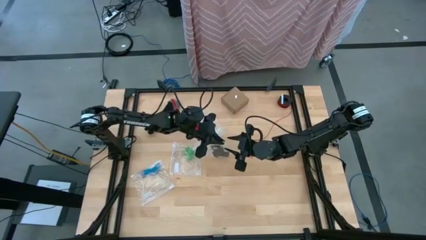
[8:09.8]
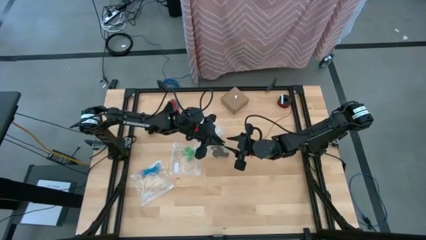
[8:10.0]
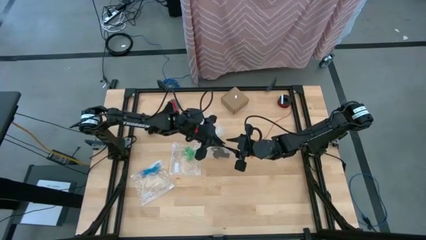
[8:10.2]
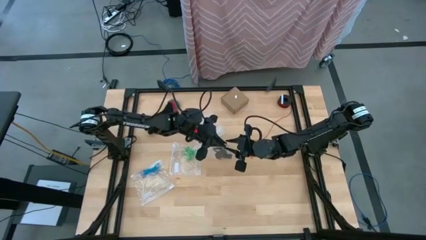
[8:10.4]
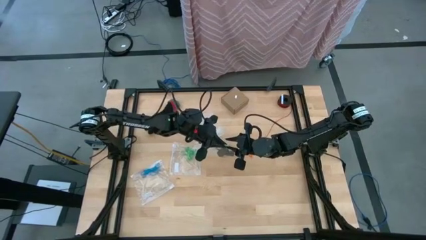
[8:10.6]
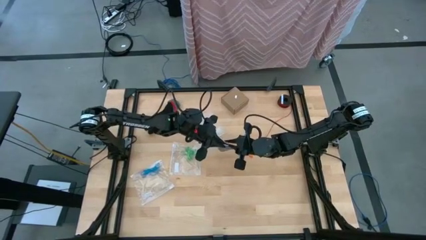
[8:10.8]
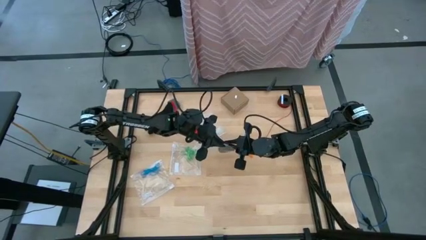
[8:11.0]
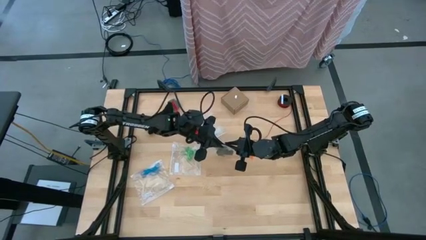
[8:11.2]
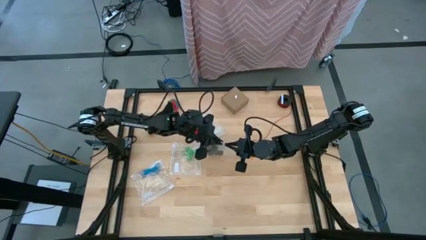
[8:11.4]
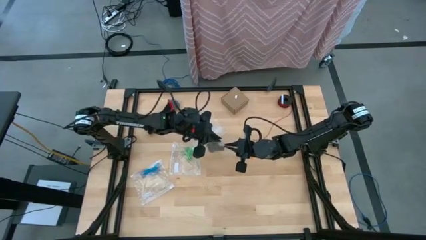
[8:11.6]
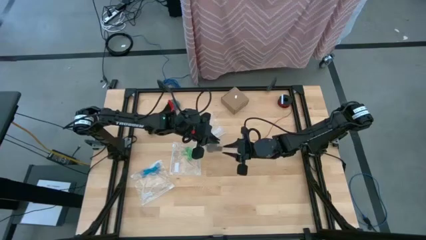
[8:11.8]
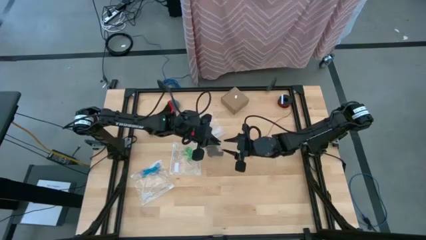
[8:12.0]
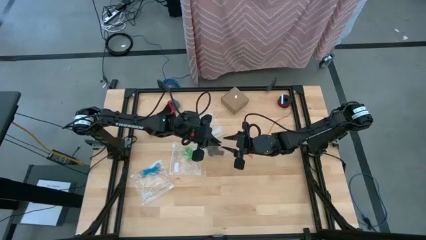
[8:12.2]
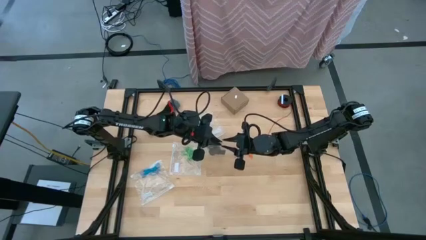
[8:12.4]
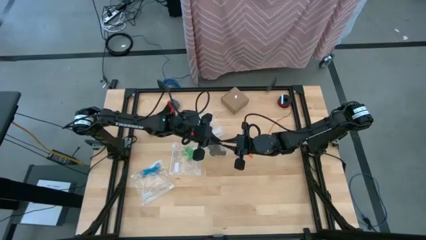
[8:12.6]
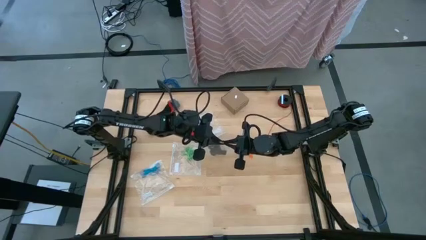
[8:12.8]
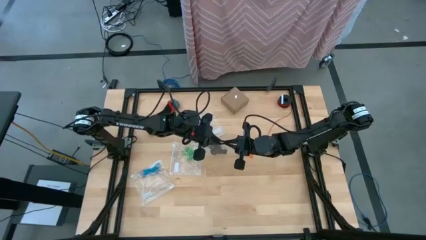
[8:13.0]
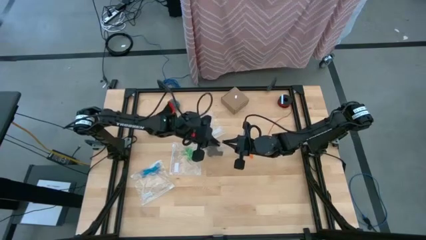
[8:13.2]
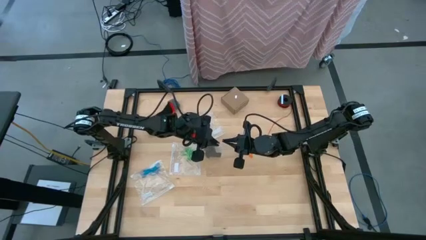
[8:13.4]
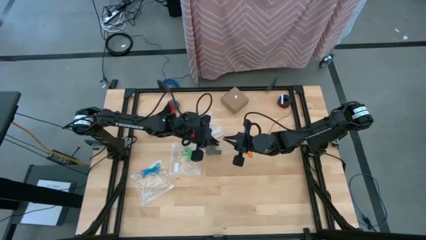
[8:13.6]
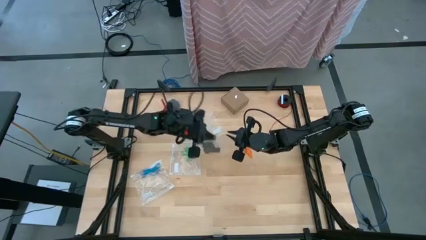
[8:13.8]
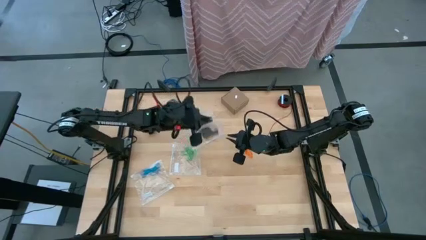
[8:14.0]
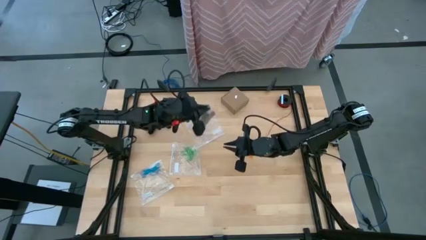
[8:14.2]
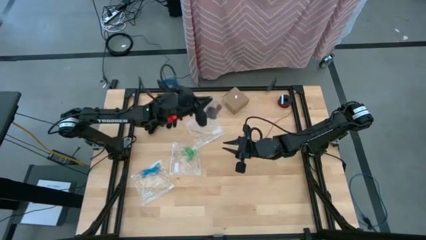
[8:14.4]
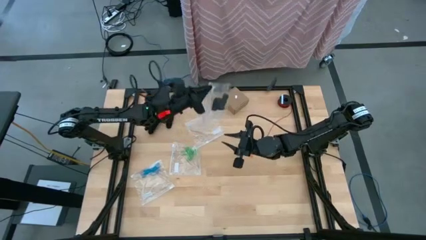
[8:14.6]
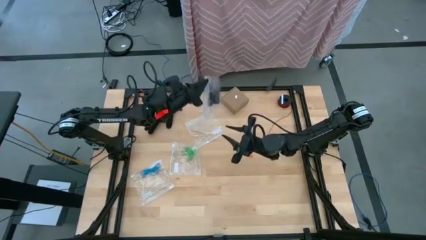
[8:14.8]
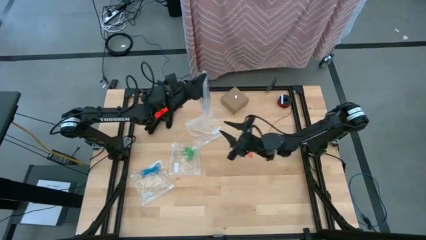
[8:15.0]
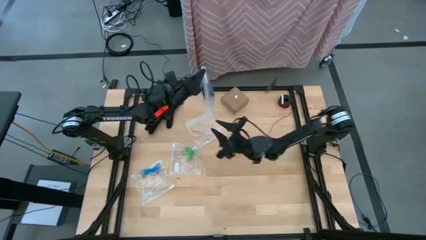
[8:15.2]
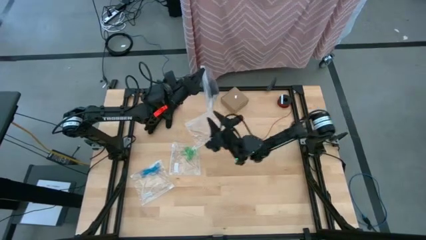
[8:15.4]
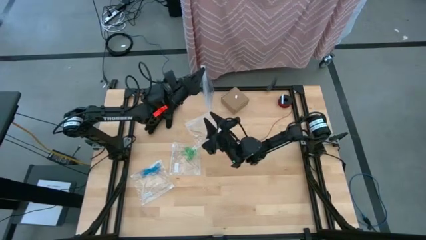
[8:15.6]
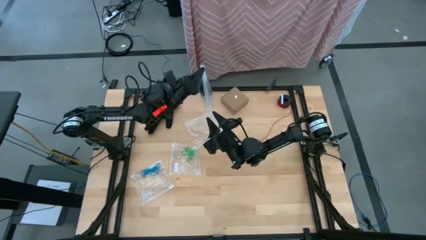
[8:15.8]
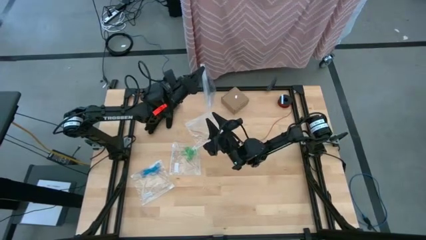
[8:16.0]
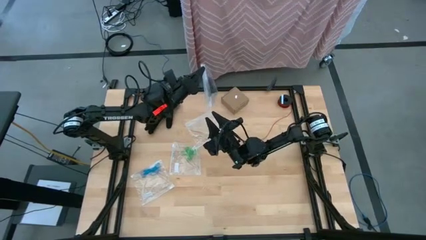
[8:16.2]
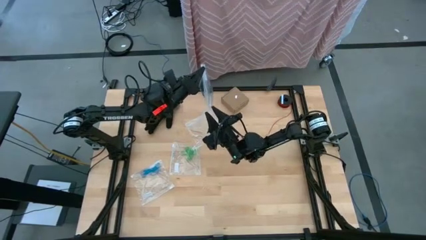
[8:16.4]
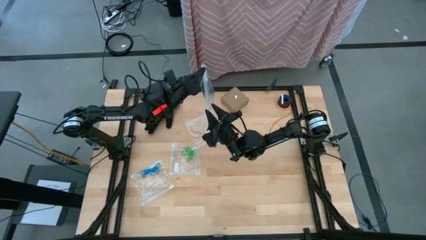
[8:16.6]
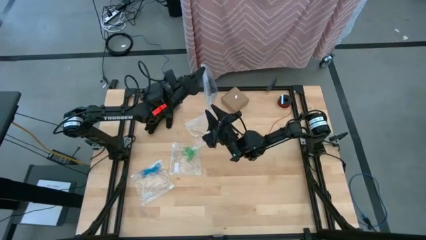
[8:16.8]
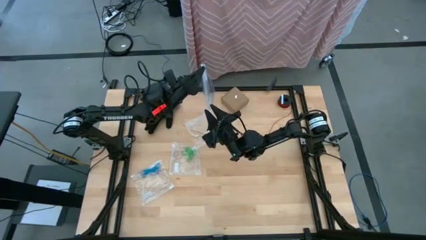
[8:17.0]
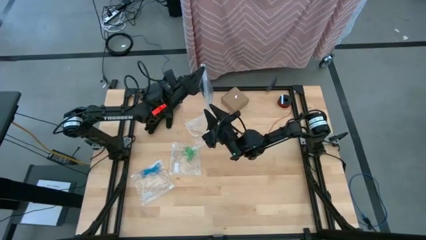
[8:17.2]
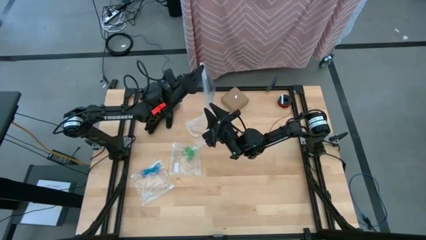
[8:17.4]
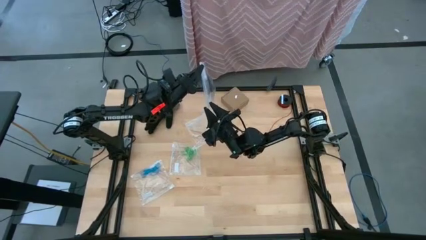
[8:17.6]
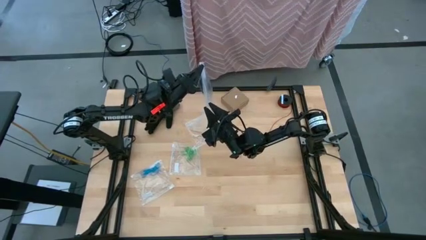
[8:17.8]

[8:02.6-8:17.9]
_ _ _ _ _ _ _
=== Exercise brief ===
Would you please write out the entries in full, exactly as they read, but without pictures?

=== Response area ===
[8:09.8]
[8:10.0]
[8:10.2]
[8:10.4]
[8:10.6]
[8:10.8]
[8:11.0]
[8:11.2]
[8:11.4]
[8:11.6]
[8:11.8]
[8:12.0]
[8:12.2]
[8:12.4]
[8:12.6]
[8:12.8]
[8:13.0]
[8:13.2]
[8:13.4]
[8:13.6]
[8:13.8]
[8:14.0]
[8:14.2]
[8:14.4]
[8:14.6]
[8:14.8]
[8:15.0]
[8:15.2]
[8:15.4]
[8:15.6]
[8:15.8]
[8:16.0]
[8:16.2]
[8:16.4]
[8:16.6]
[8:16.8]
[8:17.0]
[8:17.2]
[8:17.4]
[8:17.6]
[8:17.8]

[8:02.6-8:17.9]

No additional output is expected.